Paying referees is more common among economics journals. This partly because - unlike science
journals - they regularly publish papers after their results have been widely disseminated, and so
need incentivesw to hurry referees who feel that there is no rush. Referees for the Journal of
Political Economy, for instance, receive $US40 if they return their report within three months
and $75 if they finish the task within six weeks. Nevertheless, many referees remain unimpressed
by the financial reward and still fail to deliver, says Vicky Longawa, the journal's managing
editor - and much of the cost is passed on to authors, who pay $50 to submit each paper.

Few scientific journal publishers are enthusiastic about introducing a system of payments that
would require the industry's business model to undergo a complete upheaval.

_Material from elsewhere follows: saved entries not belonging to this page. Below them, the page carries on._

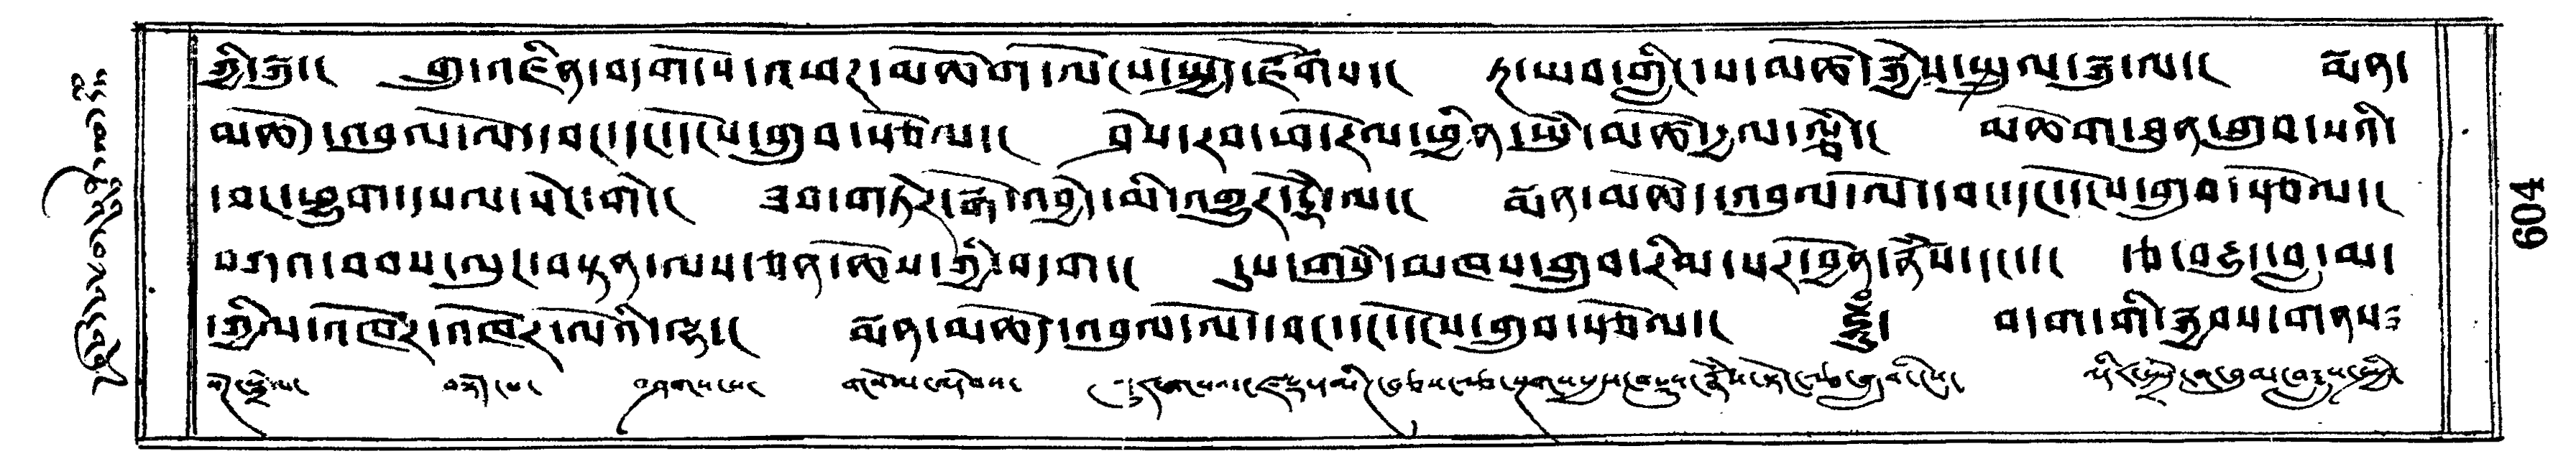ཀྱི་སྐུ། །གྲུ་འཛིན་བདག་པོ་འཕགས་མཆོག་ལོངས་སྤྱོད་རྫོགས། །རྔ་ཡབ་གླིང་པ་མཚོ་སྐྱེས་སྤྲུལ་སྐུ་ལ། །སྨན་
མཆོད་འབུལ་ལོ་དབང་དང་དངོས་གྲུབ་སྩོལ། །ཤེས་རབ་ཕ་རོལ་ཕྱིན་ཡུམ་མཚོ་རྒྱལ་ལྕམ། །མཆོག་ཐུན་གྲུབ་པའི་
དབང་ཕྱུག་དཔལ་སེང་གེ །ཟབ་གཏེར་སྒོ་འབྱེད་མི་འགྱུར་རྡོ་རྗེ་ལ། །སྨན་མཆོད་འབུལ་ལོ་དབང་དང་དངོས་གྲུབ་སྩོལ། །
བཀའ་བབས་ལུང་བསྟན་ལས་ཅན་ཆོས་ཀྱི་བདག །དུས་གསུམ་མཁས་གྲུབ་རིམ་པར་བྱོན་རྣམས་དང་། །རྩ་བརྒྱུད་བླ་མ་
དཀྱིལ་འཁོར་འཁོར་ལོའི་ལྷ། །སྨན་མཆོད་འབུལ་ལོ་དབང་དང་དངོས་གྲུབ་སྩོལ། ཧཱུྃ༔ བདག་གི་སྐྱབས་གནས༴ 
སོགས་སྦྲེལ། བསྟོད་པ། བཤགས་པ། གསོལ་འདེབས། ཟུར་གསལ་ཛཔྲ་དམིགས་བཅས་རྩ་སྔགས་རྒྱས་བསྡུས་རྣམས་སྟོང་རྩ་གྲུབ་ངེས། འདིར་སྤྲོ་ན་བུམ་བཟླས་སྤྱི་

And paying
referees may not improve the system says Joshua Gans of the Melbourne Business School in
Australia, who is an expert on game theory - which can help to predict people's behavior when
faced with particular reward schemes. The system works at present because academics feel
obliged to take responsibility, he argues. Paying referees "can motivate an academic but at the
same time take away their feelings of professional responsibility because they know others are
motivated by pay too," Gans claims.

Rewards need not be financial, however. For two decades, the American Geophysical Union
(AGU) has run a scheme to honour excellence in referring for its journals. Those cited by journal
editors get their names and pictures published in the AGU's EOS newsletter, as well as a
certificate and an invitation to an awards dinner. Judy Holoviak, the AGU's director of
publications, says that the system was introduced because some researchers were refusing
requests to act as referees or returning one-line reports. "There are still people who will never
review a paper," says Holoviak. "But it is probably good for the young people coming in; they
see this and hopefully it is setting a standard."

Although such schemes may have some merit, many editors and scientists still feel that the
current system should be left essentially unchanged. Vogelstein paraphrases Winston Churchill's
quip about democracy: "It's the worst system in the world, except for all the others." Rather than
focusing on the problems, suggests Fred Alt, an immunologist and cancer researcher at Harvard
Medical School in Boston, we should remind ourselves of how well the system works. "It is
impressive that the majority of what is published is reproducible and accurate," he says.

Other scientists argue that it would impossible to make the system foolproof - and misguided
even to try. "You're asking for a judgements, an opinion, and it has to stay that way," says Wain-
Hobson. "The most important thing about a paper isn't that it's been peer reviewed but that it's
reproducible. The real peer review only starts when it's published."